* [Aim of the exercise]:
Your answer must consist solely of the lines from the start of the entries below through the line with "Full cylindrical faces", unchanged.

Records from a data source:

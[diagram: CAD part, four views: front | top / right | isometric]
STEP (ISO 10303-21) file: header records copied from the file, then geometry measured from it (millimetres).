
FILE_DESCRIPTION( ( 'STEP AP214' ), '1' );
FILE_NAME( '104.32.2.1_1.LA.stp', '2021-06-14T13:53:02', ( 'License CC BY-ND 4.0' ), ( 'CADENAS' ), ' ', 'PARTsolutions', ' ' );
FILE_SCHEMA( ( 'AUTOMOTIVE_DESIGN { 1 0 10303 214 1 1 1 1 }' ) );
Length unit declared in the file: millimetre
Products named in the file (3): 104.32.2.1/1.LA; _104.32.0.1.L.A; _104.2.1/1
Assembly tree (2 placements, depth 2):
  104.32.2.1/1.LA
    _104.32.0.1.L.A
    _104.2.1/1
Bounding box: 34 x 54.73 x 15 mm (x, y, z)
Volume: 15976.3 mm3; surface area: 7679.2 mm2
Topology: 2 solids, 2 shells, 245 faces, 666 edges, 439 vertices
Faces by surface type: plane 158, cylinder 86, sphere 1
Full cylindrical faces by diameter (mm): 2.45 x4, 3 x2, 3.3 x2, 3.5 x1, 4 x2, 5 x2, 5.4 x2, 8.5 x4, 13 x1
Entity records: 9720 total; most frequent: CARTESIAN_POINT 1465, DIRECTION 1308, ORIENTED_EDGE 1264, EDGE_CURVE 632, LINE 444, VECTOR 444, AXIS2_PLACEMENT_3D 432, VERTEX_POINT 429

* [Written solution]:
[diagram: CAD part, four views: front | top / right | isometric]
STEP (ISO 10303-21) file: header records copied from the file, then geometry measured from it (millimetres).
FILE_DESCRIPTION( ( 'STEP AP214' ), '1' );
FILE_NAME( '104.32.2.1_1.LA.stp', '2021-06-14T13:53:02', ( 'License CC BY-ND 4.0' ), ( 'CADENAS' ), ' ', 'PARTsolutions', ' ' );
FILE_SCHEMA( ( 'AUTOMOTIVE_DESIGN { 1 0 10303 214 1 1 1 1 }' ) );
Length unit declared in the file: millimetre
Products named in the file (3): 104.32.2.1/1.LA; _104.32.0.1.L.A; _104.2.1/1
Assembly tree (2 placements, depth 2):
  104.32.2.1/1.LA
    _104.32.0.1.L.A
    _104.2.1/1
Bounding box: 34 x 54.73 x 15 mm (x, y, z)
Volume: 15976.3 mm3; surface area: 7679.2 mm2
Topology: 2 solids, 2 shells, 245 faces, 666 edges, 439 vertices
Faces by surface type: plane 158, cylinder 86, sphere 1
Full cylindrical faces by diameter (mm): 2.45 x4, 3 x2, 3.3 x2, 3.5 x1, 4 x2, 5 x2, 5.4 x2, 8.5 x4, 13 x1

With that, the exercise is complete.